Individual-level and country-level health inequalities exist also among patients with SpA. Women and lower educated persons had worse disease activity and somewhat worse physical function. While patients in less socioeconomically developed countries had higher disease activity, they reported similar physical function.

摘要

目的

探讨个体和国家社会经济地位(SES)决定因素对强直性脊柱炎(SpA)患者疾病活动度和身体功能的独立贡献。

方法

使用来自多国(全球 22 个国家)横断面 COMOSPA(SpA 共病)研究的数据。在多水平回归模型中,调整临床和人口统计学混杂因素后,探讨个体 SES 因素(性别、教育程度)和居住国对强直性脊柱炎疾病活动评分(ASDAS)和 Bath 强直性脊柱炎功能指数(BASFI)的影响。
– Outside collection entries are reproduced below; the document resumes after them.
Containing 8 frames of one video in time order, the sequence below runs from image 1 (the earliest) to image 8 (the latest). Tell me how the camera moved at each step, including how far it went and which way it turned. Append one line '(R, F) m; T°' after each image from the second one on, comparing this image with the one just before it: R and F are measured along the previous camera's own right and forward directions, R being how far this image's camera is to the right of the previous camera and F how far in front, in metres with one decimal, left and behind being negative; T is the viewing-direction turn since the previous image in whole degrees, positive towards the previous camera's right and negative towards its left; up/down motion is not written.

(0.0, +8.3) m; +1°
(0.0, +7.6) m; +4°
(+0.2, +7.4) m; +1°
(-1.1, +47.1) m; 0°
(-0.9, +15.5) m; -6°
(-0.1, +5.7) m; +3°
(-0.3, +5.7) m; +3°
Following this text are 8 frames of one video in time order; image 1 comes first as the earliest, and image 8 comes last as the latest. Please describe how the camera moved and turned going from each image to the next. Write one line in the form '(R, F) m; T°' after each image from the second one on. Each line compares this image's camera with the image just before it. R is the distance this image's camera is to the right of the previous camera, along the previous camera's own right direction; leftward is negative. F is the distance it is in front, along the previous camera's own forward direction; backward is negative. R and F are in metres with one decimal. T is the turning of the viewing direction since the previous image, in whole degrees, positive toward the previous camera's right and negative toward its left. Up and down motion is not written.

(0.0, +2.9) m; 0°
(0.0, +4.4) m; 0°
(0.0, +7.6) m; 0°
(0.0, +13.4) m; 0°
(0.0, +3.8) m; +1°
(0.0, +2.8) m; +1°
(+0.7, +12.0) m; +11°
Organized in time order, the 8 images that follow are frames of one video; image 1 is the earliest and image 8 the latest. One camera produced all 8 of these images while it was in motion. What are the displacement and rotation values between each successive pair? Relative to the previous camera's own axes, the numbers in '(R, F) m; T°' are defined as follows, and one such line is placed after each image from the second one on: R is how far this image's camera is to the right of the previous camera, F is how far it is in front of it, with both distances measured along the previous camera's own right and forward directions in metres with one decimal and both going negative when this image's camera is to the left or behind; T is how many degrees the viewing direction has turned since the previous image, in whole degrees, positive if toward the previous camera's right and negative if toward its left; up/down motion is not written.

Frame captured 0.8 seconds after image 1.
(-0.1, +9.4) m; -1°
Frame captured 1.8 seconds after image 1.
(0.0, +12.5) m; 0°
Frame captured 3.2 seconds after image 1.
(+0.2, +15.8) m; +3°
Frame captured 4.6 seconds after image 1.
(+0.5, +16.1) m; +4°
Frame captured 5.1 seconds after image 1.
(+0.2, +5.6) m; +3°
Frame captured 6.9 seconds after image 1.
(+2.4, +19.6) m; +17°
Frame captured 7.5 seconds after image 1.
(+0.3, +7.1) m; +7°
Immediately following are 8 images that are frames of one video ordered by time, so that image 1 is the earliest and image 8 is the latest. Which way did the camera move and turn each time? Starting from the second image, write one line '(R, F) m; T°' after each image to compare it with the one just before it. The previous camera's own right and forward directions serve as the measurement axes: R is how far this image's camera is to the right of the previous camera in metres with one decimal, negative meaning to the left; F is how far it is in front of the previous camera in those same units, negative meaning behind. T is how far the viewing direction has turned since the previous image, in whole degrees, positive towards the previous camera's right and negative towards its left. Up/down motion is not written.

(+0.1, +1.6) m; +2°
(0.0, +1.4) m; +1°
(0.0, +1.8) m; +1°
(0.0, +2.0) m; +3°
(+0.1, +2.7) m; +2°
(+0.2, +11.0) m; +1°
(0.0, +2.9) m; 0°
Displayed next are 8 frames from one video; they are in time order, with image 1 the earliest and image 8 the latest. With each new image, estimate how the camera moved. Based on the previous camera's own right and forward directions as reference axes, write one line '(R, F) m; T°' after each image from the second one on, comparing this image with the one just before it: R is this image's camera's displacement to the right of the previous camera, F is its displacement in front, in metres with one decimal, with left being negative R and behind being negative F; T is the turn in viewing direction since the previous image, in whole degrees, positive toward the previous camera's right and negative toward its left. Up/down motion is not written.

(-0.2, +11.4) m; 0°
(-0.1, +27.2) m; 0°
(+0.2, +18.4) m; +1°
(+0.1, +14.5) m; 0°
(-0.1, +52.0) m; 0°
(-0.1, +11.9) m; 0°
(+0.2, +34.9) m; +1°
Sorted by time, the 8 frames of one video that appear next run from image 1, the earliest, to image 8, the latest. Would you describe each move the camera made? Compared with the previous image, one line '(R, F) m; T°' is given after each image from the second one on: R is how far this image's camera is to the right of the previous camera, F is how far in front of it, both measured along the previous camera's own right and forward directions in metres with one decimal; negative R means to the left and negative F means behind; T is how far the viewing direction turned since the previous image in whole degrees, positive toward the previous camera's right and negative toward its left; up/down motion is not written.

接下来,还探讨了国家宏观经济指标(国内生产总值[GDP]、人类发展指数、医疗支出和基尼指数)的额外影响。通过检验间接效应,探讨了教育程度或 GDP 与 ASDAS 之间生物改善病情抗风湿药物治疗使用率的中介作用。

结果

共纳入 3370 例 SpA 患者:65%为男性,平均年龄 43(14)岁,ASDAS 为 2.0(1.1),BASFI 评分为 3.1(2.7)。在调整后的模型中,低教育程度和女性患者的 ASDAS≥2.1 的比值比(OR)分别为 1.7(95%CI 1.3 至 2.2)和 1.7(95%CI 1.4 至 2.0),且报告的功能稍差。独立于个体 SES 和临床混杂因素,观察到国家间存在较大差异。SES 较低的发展中国家的患者 ASDAS 较差,而 BASFI 模式则不显著。生物制剂的使用并不能调节个体 SES 和国家 SES 与疾病活动之间的关系。

结论

SpA 患者也存在个体和国家健康不平等现象。女性和受教育程度较低者的疾病活动度更差,身体功能稍差。尽管 SES 较低的国家的患者疾病活动度较高,但他们报告的身体功能相似。